4 Comments on The Gifts of Grief: Saying Goodbye to Lost Babies

  1. Beautiful post, Jody.

    When our alpha pregnancies ended there was no where to seek solace and no societal acknowledgement of our losses … which made an already painful time of heartbreak and sorrow even worse.

    I especially appreciated this thought: Grief is not about ‘getting over’ something, but about healing around it. Thank you for shining a light on a topic that makes many uncomfortable. it’s only in learning about the impact of these losses that we grow greater empathy and bigger hearts.

    • I am sorry to say that for me this is an extremely delicate issue and one i feel very ambivalent about. Jody, in your reply to Sophie in the comments to the next blogpost you claim to offer “the only organization in the world” (I am sorry to say that i found this claim really a bit too much in itself) to offer support to women/people childless-by-circumstance (as opposed to childless through medically diagnosed infertility, i read it. Is that not right?).
      Now in this blogpost you stress the fact that there is little support for those who have lost children through miscarriage, early term loss or when very young. That is right and it’s great that initiatives like “Saying goodbye”-services are slowly getting started. I don’t mean to demean the fact that there is a lot of grief out there with these people and it needs some sort of answer/a way for society to deal with it.
      All of that means that there is not much, but at least SOME support for those who have lost children through miscarriage.
      BUT my personal feeling is that for those of us purely childless by circumstance, we are once again excluded. I have never experienced how it feels to be pregnant. I mourn the loss of the opportunity to be impregnated by the man I loved with his child. I have been through months and years of TTC and had to deal with my hopes and dreams crashing down on me month by month by month. Moreover I have to deal with idiot comments like “oh well you started too late” or people suggesting that i didn’t go “all the way” (whatever that means: sperm bank, egg donor, becoming a sngle mom, as if that was easy and great fun).
      One really big issue is that I feel excluded from society. Every person who once had sex at the right moment in time to conceive and carry a baby feels entitled to voice an opinion about children or young people while I have been a youth work expert for 15 years and sometimes am indirectly or even bluntly made to understand that I am not really supposed to voice any kind of opinion about children/youngsters since I dont’ have an on my own.
      Now there are opportunities to recognize and work through grief for those who have lost children through miscarriage or early term loss etc. AND I AM ONCE MORE NOT INCLUDED. It’s not a child I lost at a very early stage I am mourning. In society’s eyes, there is ABSOLUTELY NOTHING there i could mourn. Nothing but my dreams and ideas. That is not recognized at ALL. When my grief is so huge.

      • Dear Elena

        The unrecognised nature of your loss absolutely sucks, as does the lack of status that you, and all of us childless women have, as adult females in our culture.
        It must be particularly galling to have your insight, knowledge and compassion deemed ‘second best’ to, as you say “every person who once had sex at the right momemnt in time to conceive and carry a baby’.

        One of the aims of Gateway Women is to bring our unseen losses out into the open, so that we can both mourn it for ourselves, and have our right to grieve acknowledged in the culture.
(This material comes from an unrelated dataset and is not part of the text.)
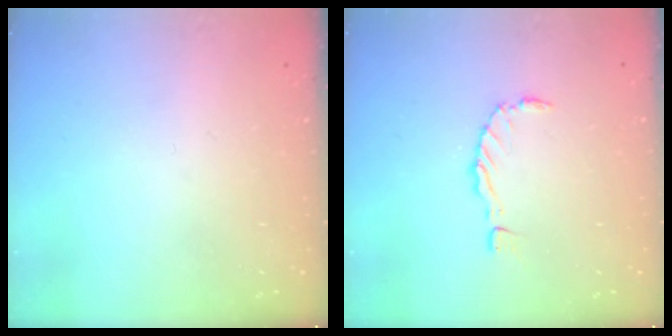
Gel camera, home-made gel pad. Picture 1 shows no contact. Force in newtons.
{"total": 0.0}

        Your opinion matters to me, thank you for commenting.
        With a hug
        Jody x

        PS: And yes, as far as I know (and I would be happy to be wrong), Gateway Women is currently the only place offering groups and workshops for women who are childless by circumstance (which includes those who never conceived). Any sister organisations or websites that I know of are listed on the blogroll on the website. If anyone knows of any individual or group not mentioned on the blogroll, please let me know as I would love to hold hands across the world with everyone working to make the world a fairer, kinder and more compassionate place for childless women).